(Saved entries)

——————

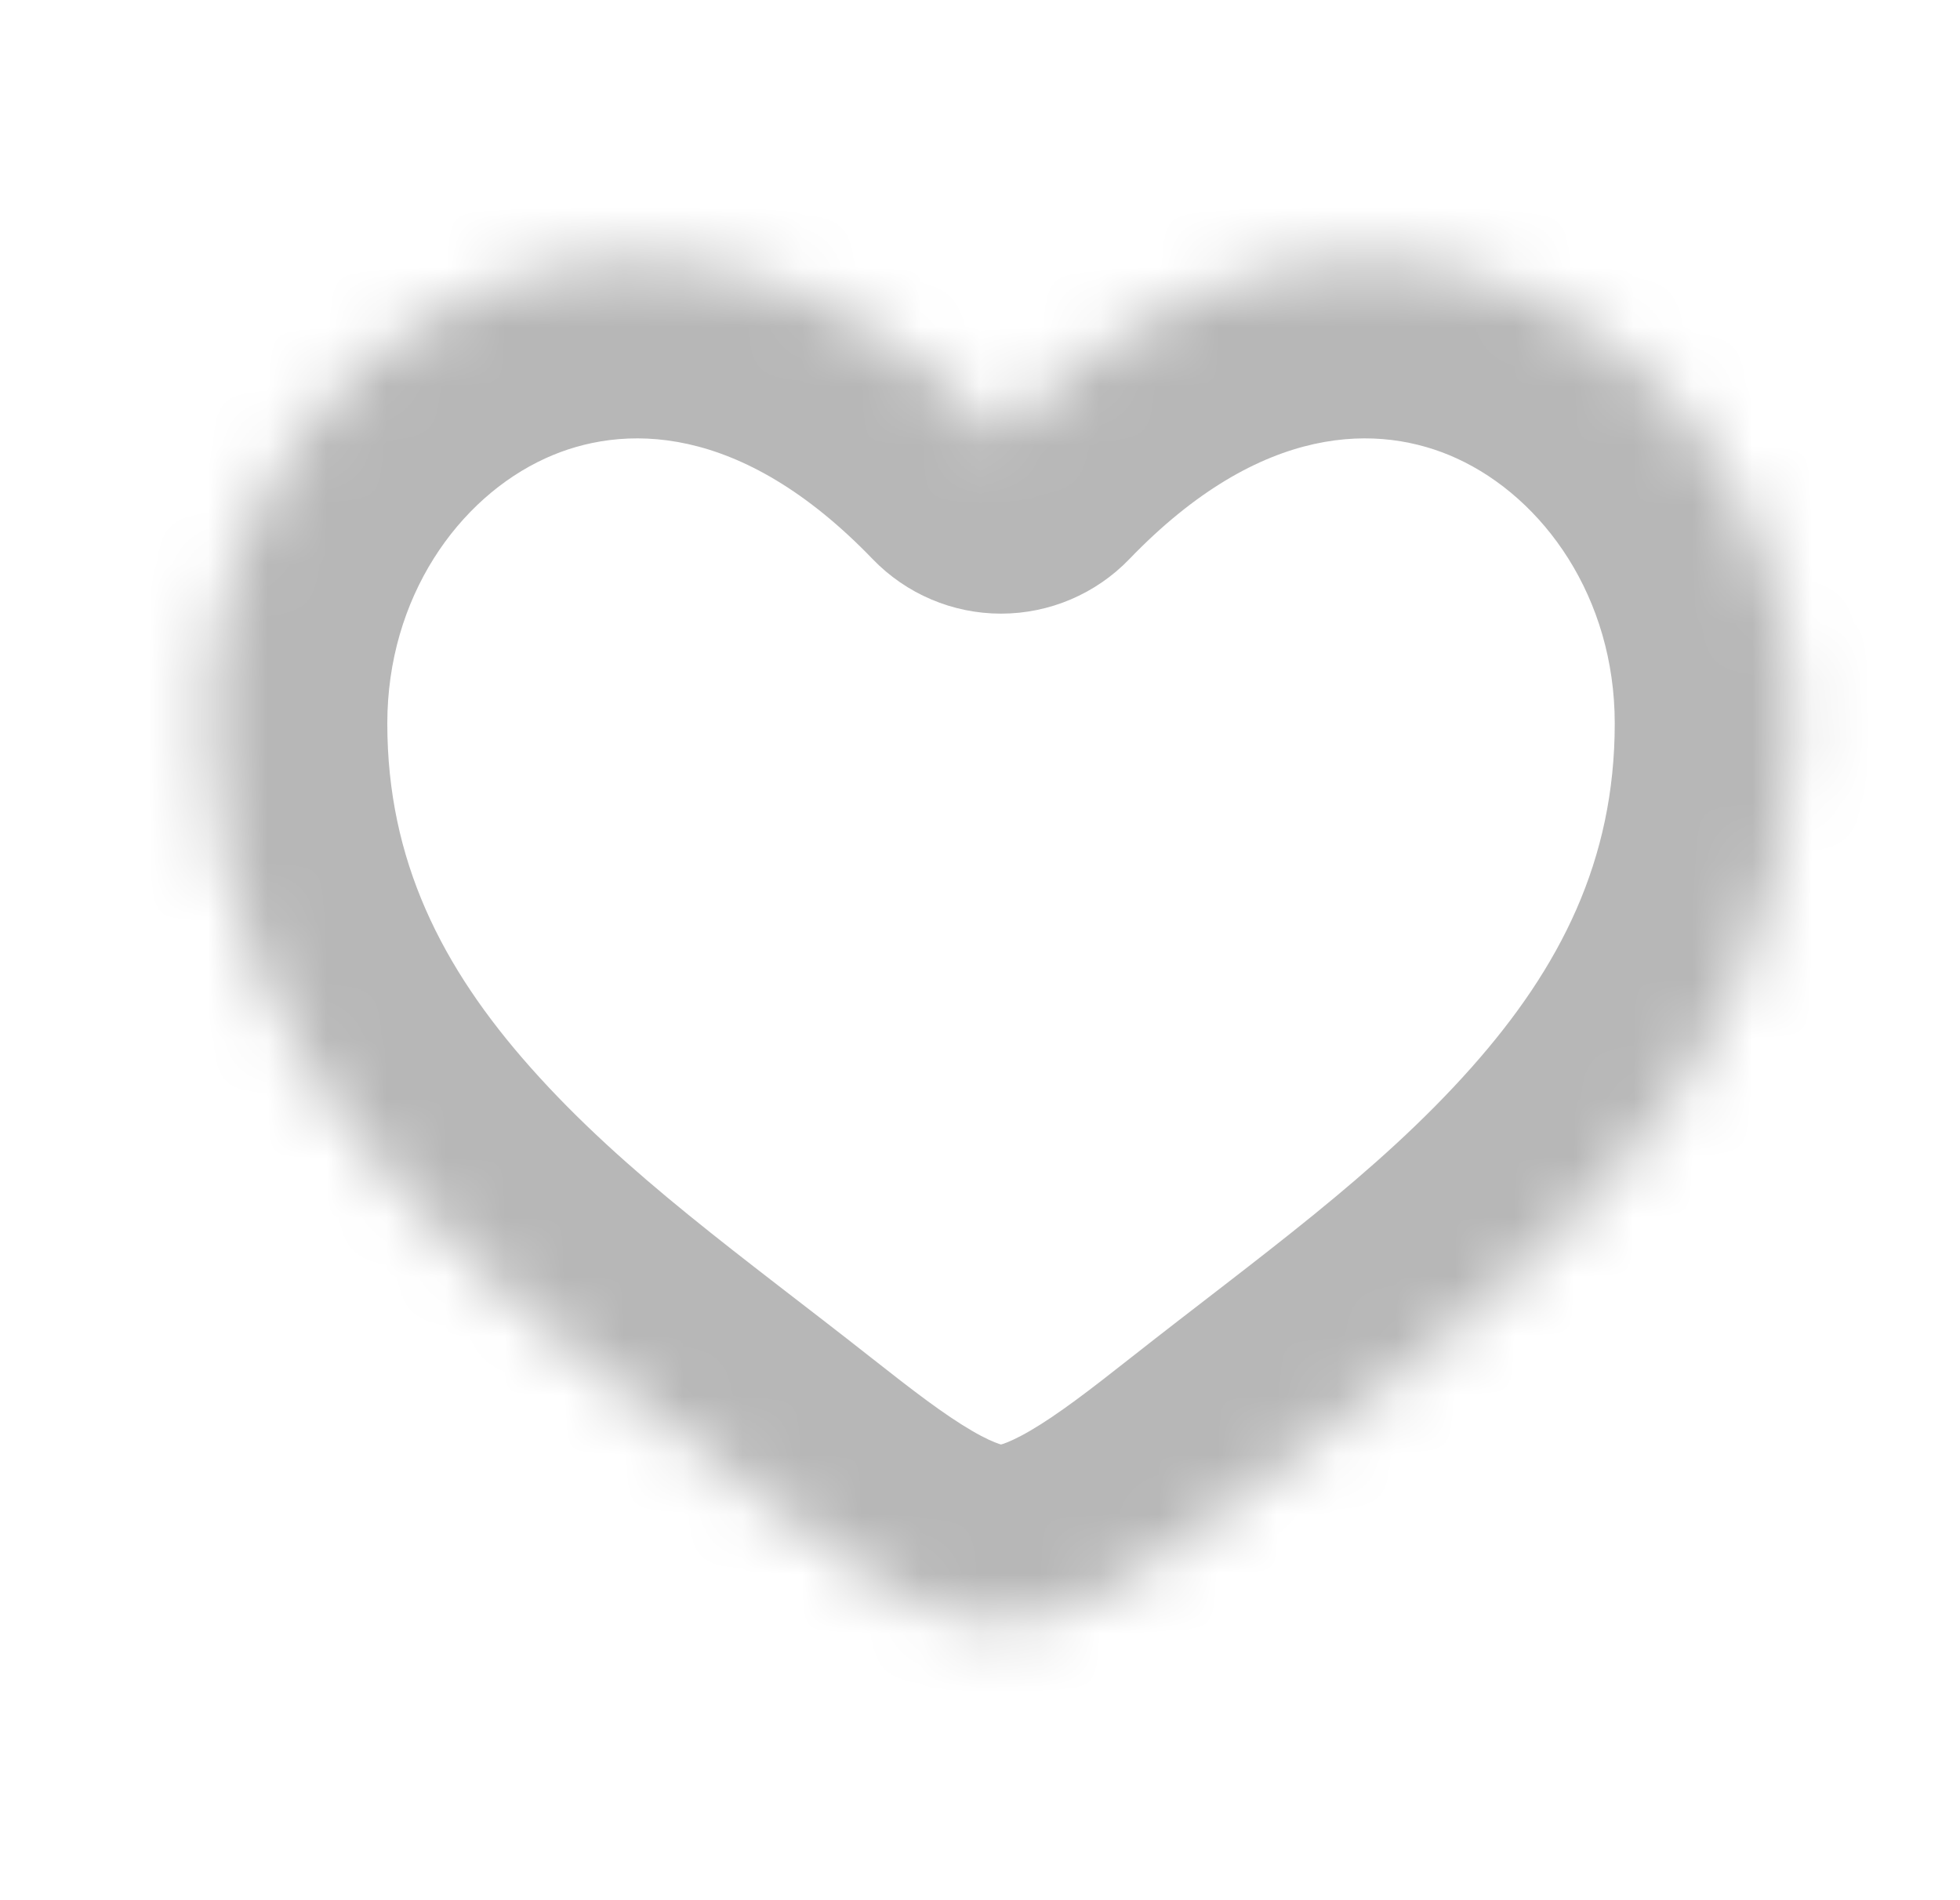 <svg width="33" height="32" viewBox="0 0 33 32" fill="none" xmlns="http://www.w3.org/2000/svg">
<mask id="path-2-inside-1_2839_492" fill="white">
<path d="M3.521 12.183C3.521 18.667 8.88 22.122 12.803 25.215C14.187 26.306 15.521 27.333 16.854 27.333C18.187 27.333 19.52 26.306 20.905 25.215C24.828 22.122 30.187 18.667 30.187 12.183C30.187 5.699 22.854 1.101 16.854 7.334C10.854 1.101 3.521 5.699 3.521 12.183Z"/>
</mask>
<path d="M12.803 25.215L10.946 27.57L10.946 27.57L12.803 25.215ZM16.854 7.334L14.692 9.415C15.258 10.002 16.038 10.334 16.854 10.334C17.669 10.334 18.45 10.002 19.015 9.415L16.854 7.334ZM20.905 25.215L19.048 22.858L20.905 25.215ZM14.66 22.858C12.521 21.172 10.532 19.779 8.934 17.978C7.438 16.294 6.521 14.489 6.521 12.183H0.521C0.521 16.361 2.283 19.525 4.447 21.962C6.509 24.284 9.162 26.165 10.946 27.57L14.66 22.858ZM6.521 12.183C6.521 10.063 7.715 8.389 9.184 7.718C10.465 7.133 12.46 7.096 14.692 9.415L19.015 5.254C15.248 1.339 10.577 0.484 6.69 2.261C2.993 3.951 0.521 7.818 0.521 12.183H6.521ZM10.946 27.57C11.61 28.094 12.451 28.757 13.334 29.273C14.216 29.789 15.426 30.333 16.854 30.333V24.333C16.949 24.333 16.825 24.364 16.361 24.093C15.898 23.822 15.38 23.426 14.66 22.858L10.946 27.57ZM22.762 27.57C24.546 26.165 27.199 24.284 29.26 21.962C31.425 19.525 33.187 16.361 33.187 12.183H27.187C27.187 14.489 26.27 16.294 24.774 17.978C23.175 19.779 21.187 21.172 19.048 22.858L22.762 27.57ZM33.187 12.183C33.187 7.818 30.715 3.951 27.018 2.261C23.131 0.484 18.46 1.339 14.692 5.254L19.015 9.415C21.247 7.096 23.243 7.133 24.523 7.718C25.992 8.389 27.187 10.063 27.187 12.183H33.187ZM19.048 22.858C18.328 23.426 17.81 23.822 17.347 24.093C16.883 24.364 16.759 24.333 16.854 24.333V30.333C18.282 30.333 19.492 29.789 20.374 29.273C21.257 28.757 22.098 28.094 22.762 27.57L19.048 22.858Z" fill="#B7B7B7" mask="url(#path-2-inside-1_2839_492)"/>
</svg>

——————

**Brief**
Filter the records above and copy every line that contains the word "inside".

**Answer for the task**
<mask id="path-2-inside-1_2839_492" fill="white">
<path d="M12.803 25.215L10.946 27.57L10.946 27.57L12.803 25.215ZM16.854 7.334L14.692 9.415C15.258 10.002 16.038 10.334 16.854 10.334C17.669 10.334 18.45 10.002 19.015 9.415L16.854 7.334ZM20.905 25.215L19.048 22.858L20.905 25.215ZM14.66 22.858C12.521 21.172 10.532 19.779 8.934 17.978C7.438 16.294 6.521 14.489 6.521 12.183H0.521C0.521 16.361 2.283 19.525 4.447 21.962C6.509 24.284 9.162 26.165 10.946 27.57L14.66 22.858ZM6.521 12.183C6.521 10.063 7.715 8.389 9.184 7.718C10.465 7.133 12.46 7.096 14.692 9.415L19.015 5.254C15.248 1.339 10.577 0.484 6.69 2.261C2.993 3.951 0.521 7.818 0.521 12.183H6.521ZM10.946 27.57C11.61 28.094 12.451 28.757 13.334 29.273C14.216 29.789 15.426 30.333 16.854 30.333V24.333C16.949 24.333 16.825 24.364 16.361 24.093C15.898 23.822 15.38 23.426 14.66 22.858L10.946 27.57ZM22.762 27.57C24.546 26.165 27.199 24.284 29.26 21.962C31.425 19.525 33.187 16.361 33.187 12.183H27.187C27.187 14.489 26.27 16.294 24.774 17.978C23.175 19.779 21.187 21.172 19.048 22.858L22.762 27.57ZM33.187 12.183C33.187 7.818 30.715 3.951 27.018 2.261C23.131 0.484 18.46 1.339 14.692 5.254L19.015 9.415C21.247 7.096 23.243 7.133 24.523 7.718C25.992 8.389 27.187 10.063 27.187 12.183H33.187ZM19.048 22.858C18.328 23.426 17.81 23.822 17.347 24.093C16.883 24.364 16.759 24.333 16.854 24.333V30.333C18.282 30.333 19.492 29.789 20.374 29.273C21.257 28.757 22.098 28.094 22.762 27.57L19.048 22.858Z" fill="#B7B7B7" mask="url(#path-2-inside-1_2839_492)"/>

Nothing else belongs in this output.